Antigravity x LiteLLM: Routing Multiple LLM Providers Through a Single Proxy

If you have ever burned through your Gemini free tier before lunch, you know the feeling: you want to keep coding, but every request comes back with Quota exceeded. The first time it happened to me, I lost thirty minutes just rewiring my IDE to a local Gemma 4 instance. I have since done that dance more times than I would like to admit, swapping API keys and base URLs every time a provider misbehaves.

LiteLLM exists to absorb that switching cost into a single proxy.
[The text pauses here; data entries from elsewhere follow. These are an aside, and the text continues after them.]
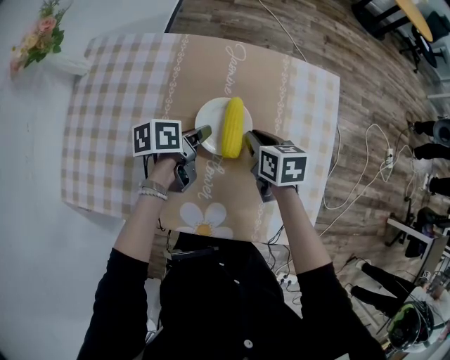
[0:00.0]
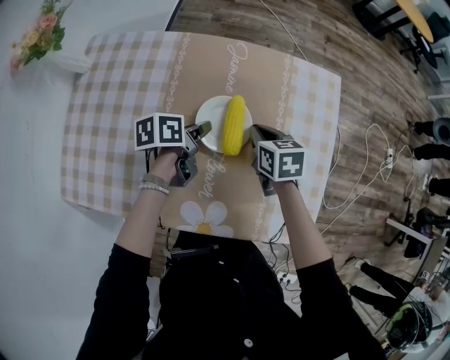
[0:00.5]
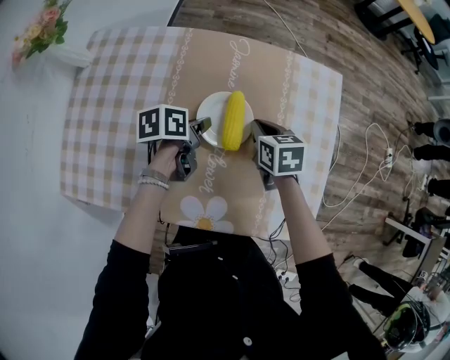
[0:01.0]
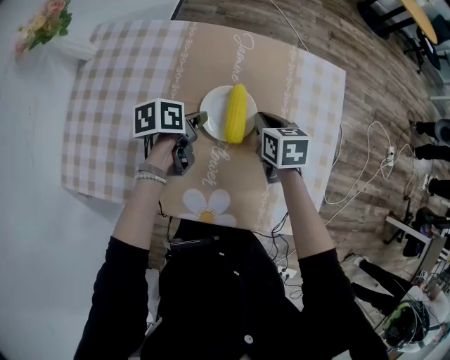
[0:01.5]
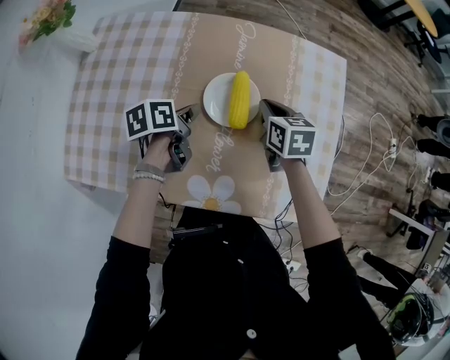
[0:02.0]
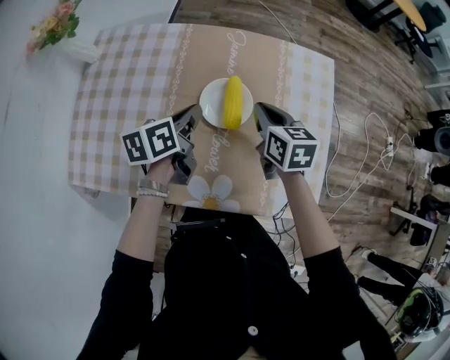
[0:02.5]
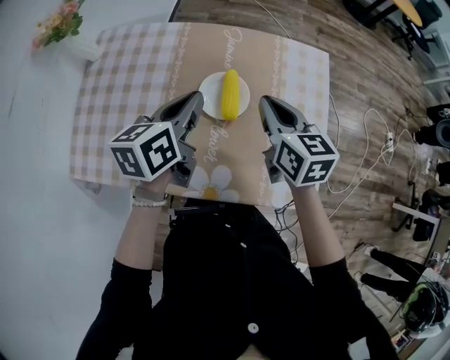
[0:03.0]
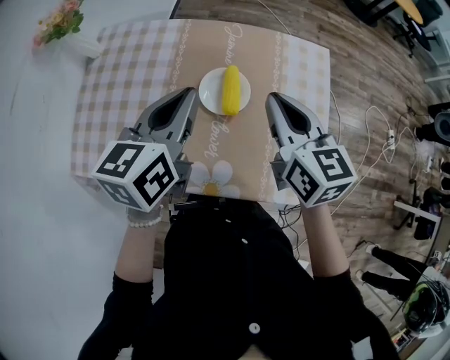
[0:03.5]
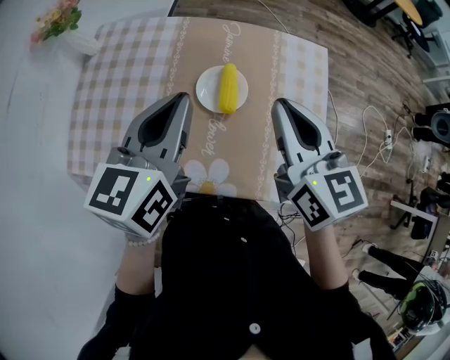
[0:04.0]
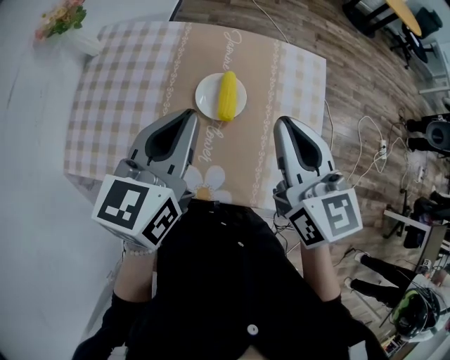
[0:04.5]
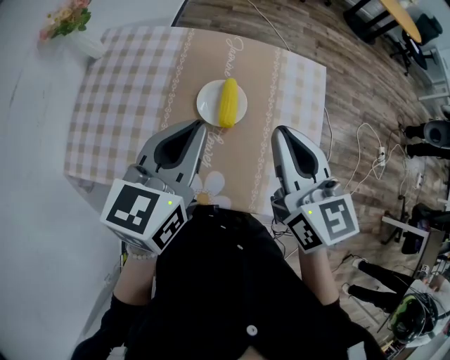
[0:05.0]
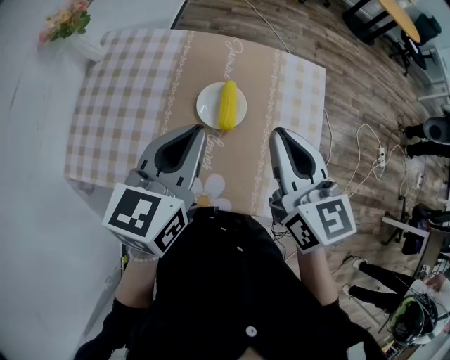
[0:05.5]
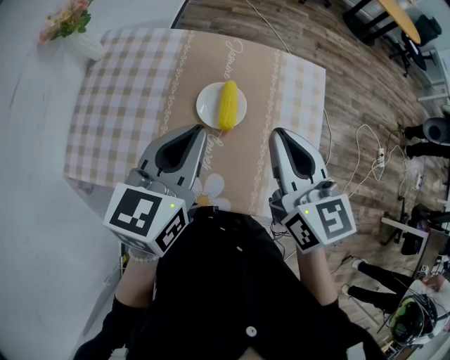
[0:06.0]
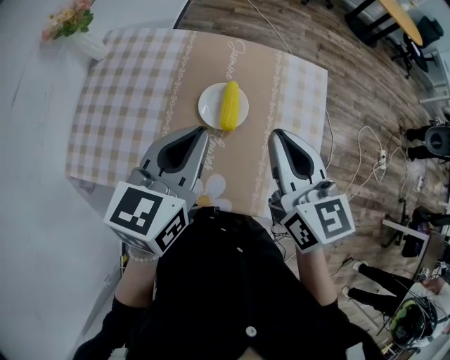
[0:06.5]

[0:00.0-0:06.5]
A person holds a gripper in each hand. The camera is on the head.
0:00.0 to 0:02.0: The left gripper shifts approximately 5 cm to the left.
0:02.0 to 0:04.5: The left gripper heads upward, covering roughly 30 cm, and changes its angle by about 50 degrees, while the right gripper moves upward and backward, about 30 cm, and points its fingers about 30 degrees further upward.
0:04.5 to 0:06.5: The grippers make only small movements.

Because Antigravity supports custom OpenAI-compatible endpoints, slipping LiteLLM in between lets you say "Claude today," "fall back to Gemma when things get noisy," or "Gemini for code reviews only" without changing a single setting in the IDE. This guide walks through the setup I actually run, the routing strategies that proved worth the YAML, and the production gotchas I wish I had known about earlier.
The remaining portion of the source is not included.